NAC administration maintains the normal distribution of CGs

It has previously been shown that post-ovulatory oocyte aging causes morphological changes in the spindle, as well as abnormal distribution in CGs. We investigated the distribution of CGs during post-ovulatory oocyte aging in vitro with or without NAC treatment. Confocal microscopy showed that different distribution patterns of CGs appeared during post-ovulatory oocyte aging in vitro. We determined that oocytes displayed a layer of CGs beneath the oolemma and a distinct CG-free domain near the area of the spindle apparatus that we called normal distribution in fresh oocytes. On the other hand, during post-ovulatory oocyte aging, CG congregation occurred. We found two major types of abnormal distribution: type I, all CGs moved to the cortex of oocytes without leaving CG-free domains; Type II, CGs moved to CG-free domains near the chromosomes (Figure 3A), and the percentage of abnormal distribution of CGs clearly increased obviously at 18h and 24h of in vitro culture in contrast to fresh oocytes. However, compared with control oocytes, the oocytes treated with 0.6mM NAC showed a lower percentage of abnormal CG distribution at 18h and 24h (Figure 3B), indicating its protective effect on post-ovulatory oocyte aging in vitro. However, no significant difference was observed between the NAC supplementation group and the control group at 12h of culture in vitro.

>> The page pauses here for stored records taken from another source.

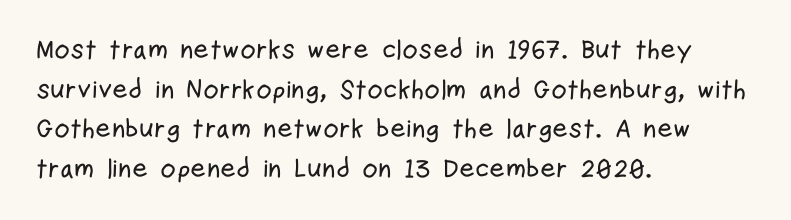
The image shows 27 px text type, upright; set left-aligned, normal line spacing (1.47x), normal letter spacing, not underlined.
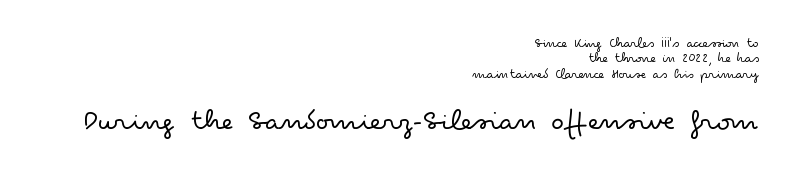
Q: Is the text bold? A: No.
Q: Is the text italic (slanted)? A: No, it is upright.
Q: Is the typeface a serif or a sans-serif typeface? A: Sans-serif.
Q: Is the text underlined? A: No.
Q: How is the paragraph aligned? A: Right-aligned.
Q: Is the spacing between letters normal or unusually wide? A: Normal.
Q: Is the spacing between lines tight, normal or loose? A: Tight.
Q: Which block of text is set in a larger size, the first (top) or the second (bottom)? A: The second (bottom) one.
Q: Width (condensed, normal, or wide)? A: Wide.
Q: Stroke contrast? A: Low.
Q: x-height? A: Small.
Q: Monospaced? A: No.
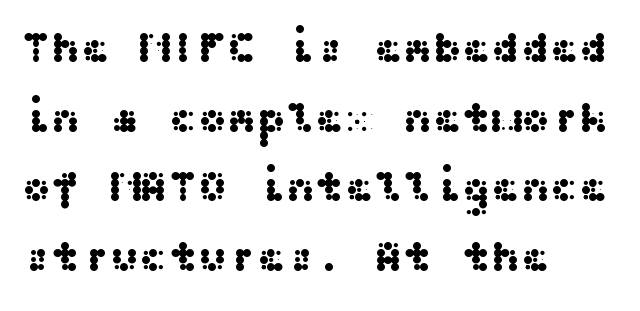
Does the leading feel generous? No, just average. Type without underlining. These lines stack with their left ends in a neat column. Inter-character spacing is left at the font's built-in metrics. You can tell it's not italic because the verticals are truly vertical.
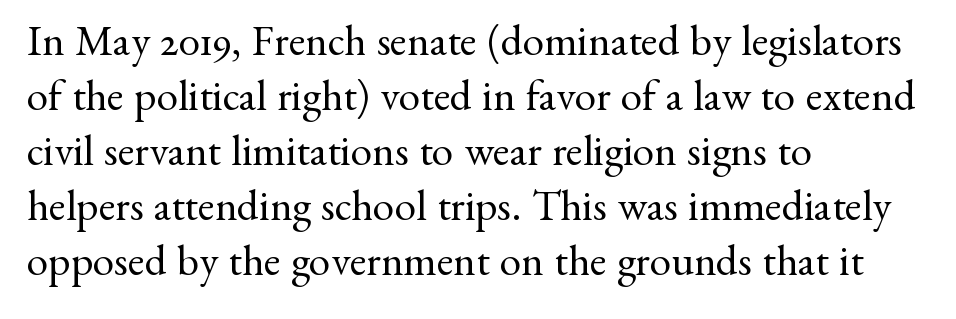
The cut favours lightness, reaching ordinary text weight at its darkest. Stroke terminals: seriffed. The font's upright variant was chosen for this text. Varying glyph widths throughout — classic text-font behaviour.
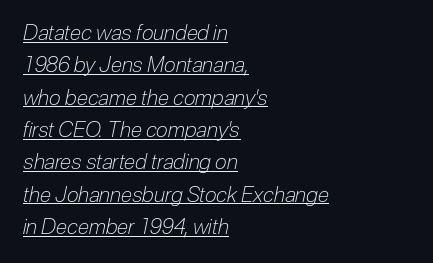
{"italic": "yes", "lean": "right", "slant_degrees": 12, "bold": "no", "underline": "yes", "align": "left", "line_spacing": "normal", "line_spacing_ratio": 1.54, "letter_spacing": "normal", "letter_spacing_em": 0.0, "glyph_px": 21}
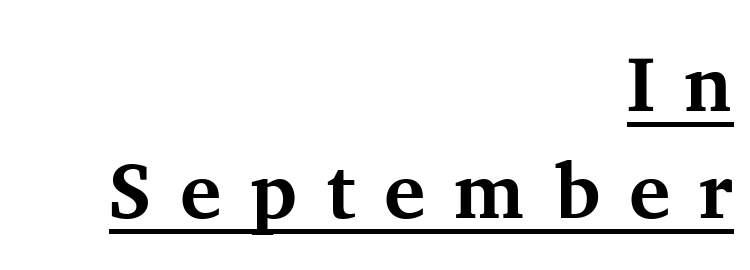
The image shows 78 px bold serif type, upright; set right-aligned, normal line spacing (1.37x), unusually wide letter spacing (+0.37 em), underlined; medium stroke contrast and a medium x-height.
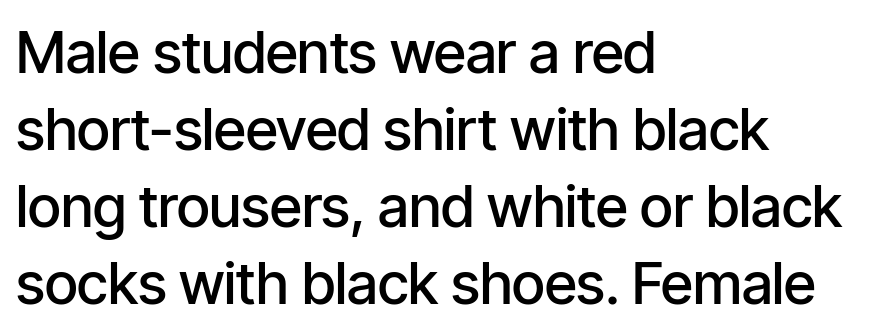
The image shows 58 px semibold, condensed sans-serif type, upright; set left-aligned, normal line spacing (1.33x), normal letter spacing, not underlined; low stroke contrast and a medium x-height.
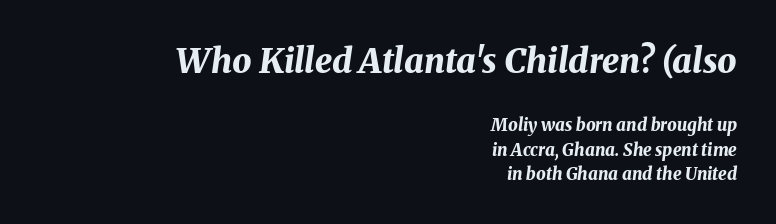
The image shows 34 px bold type, italic (leaning right); set right-aligned, normal line spacing (1.42x), normal letter spacing, not underlined; the first (top) block is 2.0x larger; medium stroke contrast and a medium x-height.
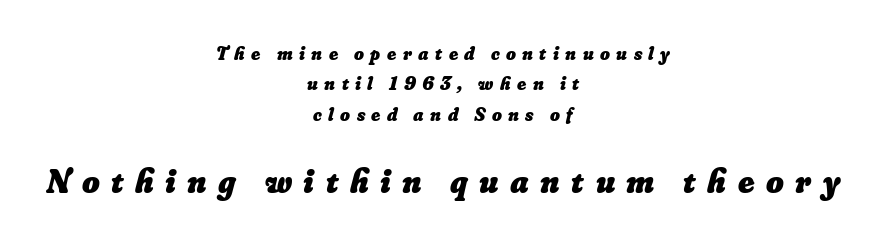
Of the two passages, the one underneath uses the larger point size. The leading is moderate, giving the passage an even texture. Each row of text sits above clean, open space. This sample has the flowing, uneven cadence of proportional lettering. Does the copy run flush right? No — it is centered line by line. In terms of weight, the rendering is a true, heavy bold.
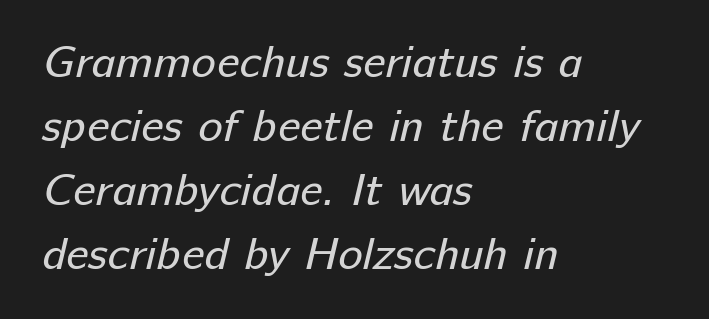
The image shows 46 px regular-weight sans-serif type; set left-aligned, normal line spacing (1.39x), normal letter spacing, not underlined; low stroke contrast and a medium x-height.
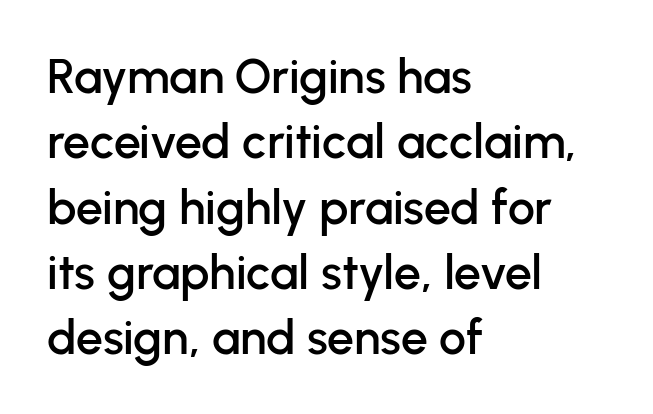
{"serif": "no", "italic": "no", "width": "normal", "stroke_contrast": "low", "x_height": "medium", "monospaced": "no", "underline": "no", "align": "left", "line_spacing": "normal", "line_spacing_ratio": 1.36, "letter_spacing": "normal", "letter_spacing_em": 0.0, "glyph_px": 48}
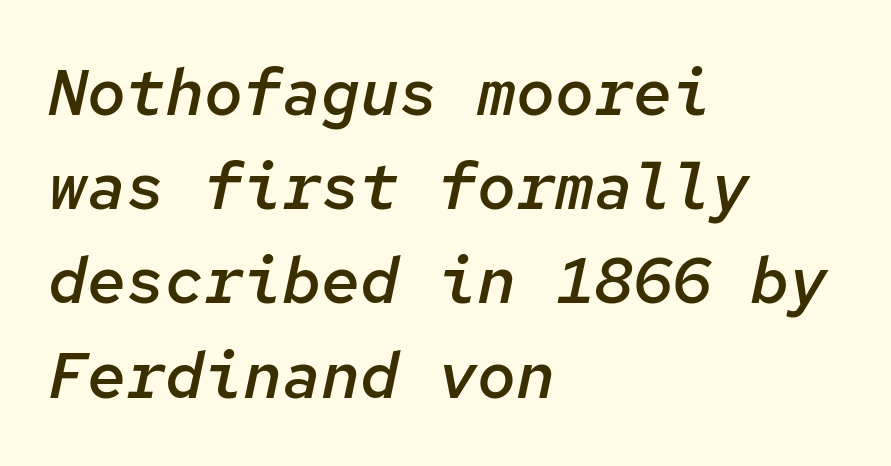
Q: Is the text bold? A: Semi-bold.
Q: Is the text italic (slanted)? A: Yes, it leans right by about 12 degrees.
Q: Is the text underlined? A: No.
Q: How is the paragraph aligned? A: Left-aligned.
Q: Is the spacing between letters normal or unusually wide? A: Normal.
Q: Is the spacing between lines tight, normal or loose? A: Normal.
Q: Width (condensed, normal, or wide)? A: Normal.
Q: Stroke contrast? A: Low.
Q: x-height? A: Medium.
Q: Monospaced? A: Yes.
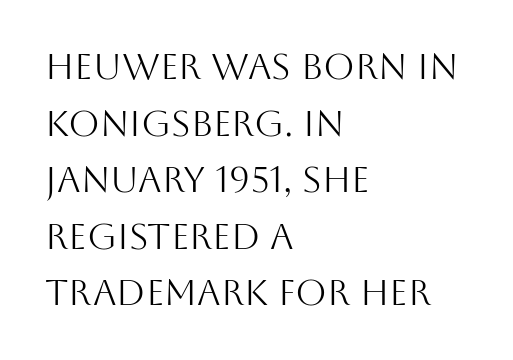
Q: Is the text bold? A: No.
Q: Is the text italic (slanted)? A: No, it is upright.
Q: Is the typeface a serif or a sans-serif typeface? A: Sans-serif.
Q: Is the text underlined? A: No.
Q: How is the paragraph aligned? A: Left-aligned.
Q: Is the spacing between letters normal or unusually wide? A: Normal.
Q: Is the spacing between lines tight, normal or loose? A: Normal.
Q: Width (condensed, normal, or wide)? A: Normal.
Q: Stroke contrast? A: Medium.
Q: x-height? A: Large.
Q: Monospaced? A: No.
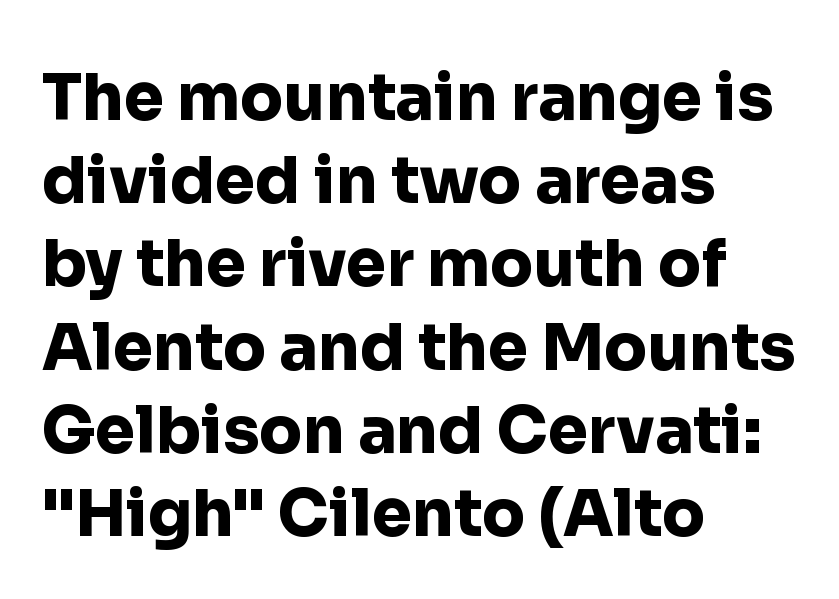
Between one letter and the next there's only the usual sliver of space. These lines carry a lot of weight — the face is fully bold. When letters stand straight like this, we call the style roman or upright. Leading: standard.
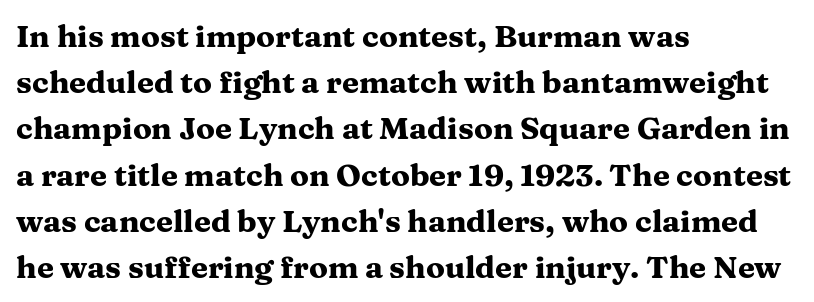
{"serif": "yes", "italic": "no", "bold": "yes", "weight": "heavy", "width": "wide", "stroke_contrast": "medium", "x_height": "medium", "monospaced": "no", "underline": "no", "align": "left", "line_spacing": "normal", "line_spacing_ratio": 1.49, "letter_spacing": "normal", "letter_spacing_em": 0.0, "glyph_px": 31}
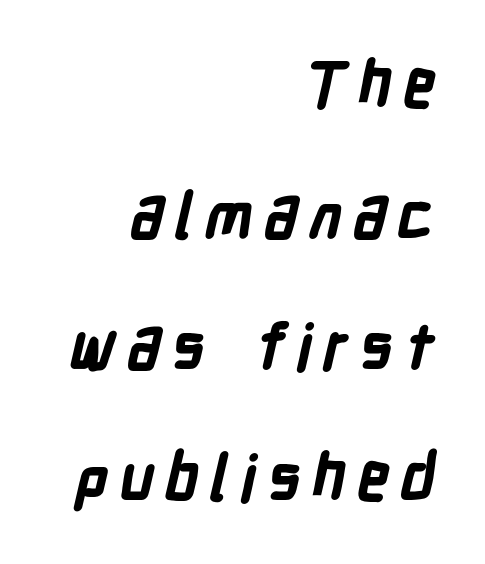
{"serif": "no", "bold": "yes", "weight": "bold", "width": "condensed", "stroke_contrast": "low", "x_height": "medium", "monospaced": "no", "underline": "no", "align": "right", "line_spacing": "loose", "line_spacing_ratio": 2.08, "glyph_px": 63}
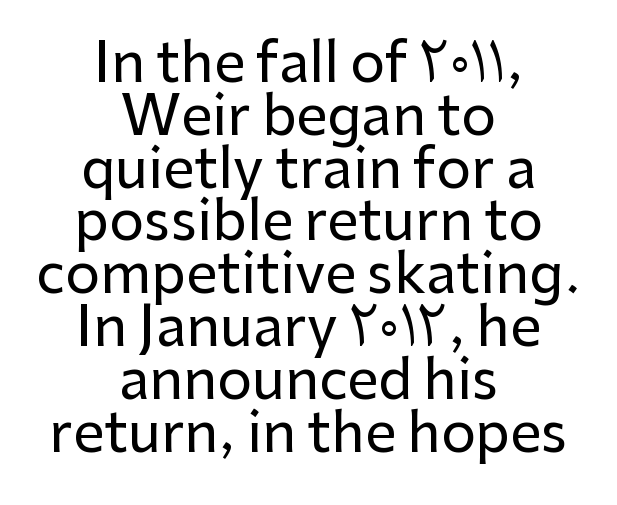
The compositor balanced each line on the midline. The face used here is proportionally spaced, like ordinary book or web type. Glyph-to-glyph distance matches everyday printed text. These lines are composed in type without serifs. The line-height multiplier appears low, near solid setting.
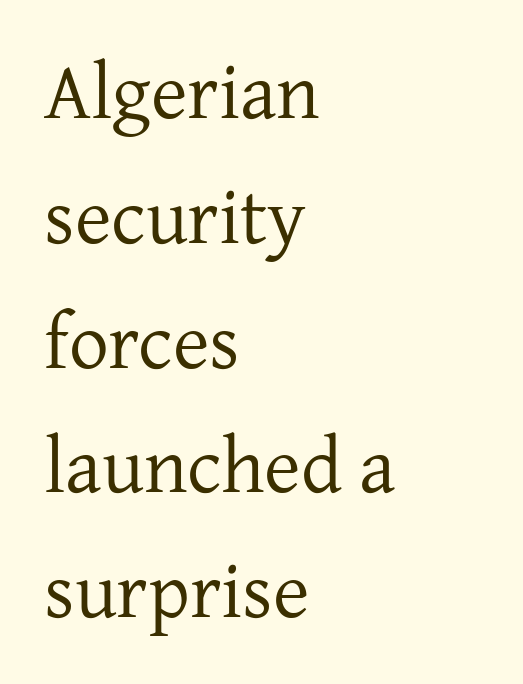
Q: Is the text bold? A: No.
Q: Is the text italic (slanted)? A: No, it is upright.
Q: Is the typeface a serif or a sans-serif typeface? A: Serif.
Q: Is the text underlined? A: No.
Q: How is the paragraph aligned? A: Left-aligned.
Q: Is the spacing between letters normal or unusually wide? A: Normal.
Q: Is the spacing between lines tight, normal or loose? A: Normal.
Q: Width (condensed, normal, or wide)? A: Normal.
Q: Stroke contrast? A: Low.
Q: x-height? A: Medium.
Q: Monospaced? A: No.

NAC administration maintains the normal distribution of CGs. (A) Different patterns of CG distribution in fresh and aged oocytes. CGs in oocytes were stained with lens culinaris (LCA)-FITC (fluorescein isothiocyanate: green) and chromosomes were stained with Hoechst 33342 (blue). The total number of oocytes in each experiment and the number of oocytes which showed abnormal CG distribution were counted to calculate the percentage of abnormal CG distribution in oocytes. (B) Percentages of abnormal distribution of CGs in oocytes. NC, oocytes treated without NAC. 0.6mM, oocytes treated with 0.6mM NAC. Data are expressed as mean ± SEM of at least 3 independent experiments, and 6 superovulated mice were killed to obtain a minimum of 40 oocytes for each experiment.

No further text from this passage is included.